Au printemps dernier, le défunt Ministère du développement économique, de l’innovation et de l’exportation avait confié à l’Association francophone pour le savoir (Acfas) et à l’Association de la recherche industrielle du Québec (Adriq) le mandat de consulter les acteurs de la recherche publique et privée au sujet de la troisième version de la stratégie québécoise de la recherche et de l’innovation.

L’Acfas a reçu pas moins de 65 mémoires, l’Adriq en a eu 33, et les deux organismes espèrent que ceux-ci pourront bientôt être rendus publics.

Entre temps, le nouveau ministre Duchesne a annoncé que cette stratégie serait en fait une vraie politique.

On s’attend donc à du solide, et surtout à ce que les organismes consultés soient entendus.

L’un comme l’autre ont présenté les grandes lignes des résultats de leurs consultations la semaine dernière à une table ronde de l’université d’automne de l’Institut EDS que j’ai eu le plaisir d’animer.

Deux mots clés à retenir pour le ministre Duchesne:

- la pérennité : en recherche, une stratégie sur trois ans comme celles du gouvernement libéral n’a aucun sens, ce délai étant bien trop court pour pouvoir accomplir quoi que ce soit. La nouvelle politique devra au moins couvrir une période de 5 ans.

- la transparence : personne ne veut plus des «projets mobilisateurs» sur l’avion écologique ou la médecine personnalisée qu’affectionnaient les libéraux. Projets qui n’avaient pas grand chose de mobilisateur pour le milieu et qui ont été essentiellement décidés en catimini. Éthique et intégrité sont au menu.

Pour que la politique scientifique fasse réellement partie des débats politiques au Québec, Florence Piron, professeure en communication à l’université Laval, propose qu’elle soit discutée en commission parlemementaire.

Ce serait certainement une bonne occasion d’élever le débat dans la «société du savoir» à laquelle aspire la Première ministre Pauline Marois.

Et cela aurait au moins le mérite de forcer nos élus à s’intéresser à un sujet aussi crucial pour l’avenir du Québec.

D’ici là, on ne peut qu’espérer que le prochain budget donne enfin au Scientifique en chef les moyens de ses ambitions.

Depuis sa nomination à ce titre à l’été 2011, le Dr Rémi Quirion en est à son troisième patron (M. Duchesne après MM. Hamad et Gignac). Aucun d’entre eux n’étant issu ou proche du milieu de la recherche, il a eu tout un défi à relever pour leur expliquer la dynamique de ce milieu et les enjeux.

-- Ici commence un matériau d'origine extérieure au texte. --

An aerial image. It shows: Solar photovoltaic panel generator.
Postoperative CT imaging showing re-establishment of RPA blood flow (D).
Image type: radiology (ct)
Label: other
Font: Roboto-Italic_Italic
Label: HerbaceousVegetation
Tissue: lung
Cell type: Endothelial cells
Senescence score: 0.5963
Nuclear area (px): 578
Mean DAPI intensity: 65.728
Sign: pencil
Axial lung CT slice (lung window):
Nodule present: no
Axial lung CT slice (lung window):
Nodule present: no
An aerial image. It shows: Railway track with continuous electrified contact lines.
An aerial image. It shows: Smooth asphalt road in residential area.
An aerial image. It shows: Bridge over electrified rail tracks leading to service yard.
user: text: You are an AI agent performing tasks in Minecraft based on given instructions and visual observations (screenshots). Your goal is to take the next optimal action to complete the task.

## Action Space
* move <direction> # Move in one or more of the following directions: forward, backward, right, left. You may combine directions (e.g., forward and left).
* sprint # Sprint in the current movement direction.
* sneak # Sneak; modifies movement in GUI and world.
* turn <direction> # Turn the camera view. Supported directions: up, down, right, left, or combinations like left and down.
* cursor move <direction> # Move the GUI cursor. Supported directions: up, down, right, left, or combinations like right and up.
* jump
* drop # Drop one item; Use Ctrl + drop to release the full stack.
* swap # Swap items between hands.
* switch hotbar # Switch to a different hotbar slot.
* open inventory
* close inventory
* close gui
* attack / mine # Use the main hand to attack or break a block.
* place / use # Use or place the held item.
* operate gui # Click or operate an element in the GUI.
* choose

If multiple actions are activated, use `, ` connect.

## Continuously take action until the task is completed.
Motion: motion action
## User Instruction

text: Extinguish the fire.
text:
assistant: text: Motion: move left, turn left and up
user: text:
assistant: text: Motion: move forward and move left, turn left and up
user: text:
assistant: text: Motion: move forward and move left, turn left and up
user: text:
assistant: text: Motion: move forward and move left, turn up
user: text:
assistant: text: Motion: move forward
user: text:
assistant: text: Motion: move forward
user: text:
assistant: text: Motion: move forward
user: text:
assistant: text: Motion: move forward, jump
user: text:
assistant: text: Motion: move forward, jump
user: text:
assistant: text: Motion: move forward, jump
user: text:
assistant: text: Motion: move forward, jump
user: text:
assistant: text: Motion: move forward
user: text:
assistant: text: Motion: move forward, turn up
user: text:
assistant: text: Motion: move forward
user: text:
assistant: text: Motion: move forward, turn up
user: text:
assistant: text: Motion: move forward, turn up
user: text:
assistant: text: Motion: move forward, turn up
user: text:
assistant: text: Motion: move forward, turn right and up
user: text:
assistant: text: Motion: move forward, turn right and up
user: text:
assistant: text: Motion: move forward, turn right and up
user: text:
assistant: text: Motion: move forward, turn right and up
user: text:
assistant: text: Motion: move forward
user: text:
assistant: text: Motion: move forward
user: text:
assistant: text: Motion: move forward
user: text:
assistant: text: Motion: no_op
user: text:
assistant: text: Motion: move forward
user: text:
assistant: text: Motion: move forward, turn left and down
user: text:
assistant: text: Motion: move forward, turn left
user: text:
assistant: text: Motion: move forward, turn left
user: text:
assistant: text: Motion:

Depuis son arrivée, le Scientifique en chef s’est surtout consacré à réorganiser l’administration des Fonds de recherche.

Il a lui aussi consulté le milieu et reçu des dizaines de propositions de recherches «intersectorielles» à prioriser.

Mais il ne dispose encore que d’un beau gros zéro dollar pour les financer.

En abolissant la hausse des frais de scolarité, le gouvernement a privé les universités de montants substantiels.

Va-t-il se rattraper en débloquant nettement plus de fonds pour la recherche ?

Rémi Quirion estime que Québec devrait doubler le montant investi en recherche d’ici cinq ans.

Ça peut sembler gros et utopique, mais il ne s’agit jamais que de 200 millions de dollars en plus d’ici 2017.

Ceci dit, si Québec parvient au moins avec cette nouvelle politique à maximiser les retombées de ce qu’on investit, en répondant vraiment aux besoins et non aux desiderata de quelques groupes d’intérêt, ce sera déjà un net progrès.

5 commentaires à propos de “Où s’en va la recherche québécoise ?

  1. Mme Bordes, vous écrivez: « En abolissant la hausse des frais de scolarité, le gouvernement a privé les universités de montants substantiels.

    Va-t-il se rattraper en débloquant nettement plus de fonds pour la recherche ? »

    Est-ce à dire que les étudiants devraient, selon vous, financer la recherche universitaire?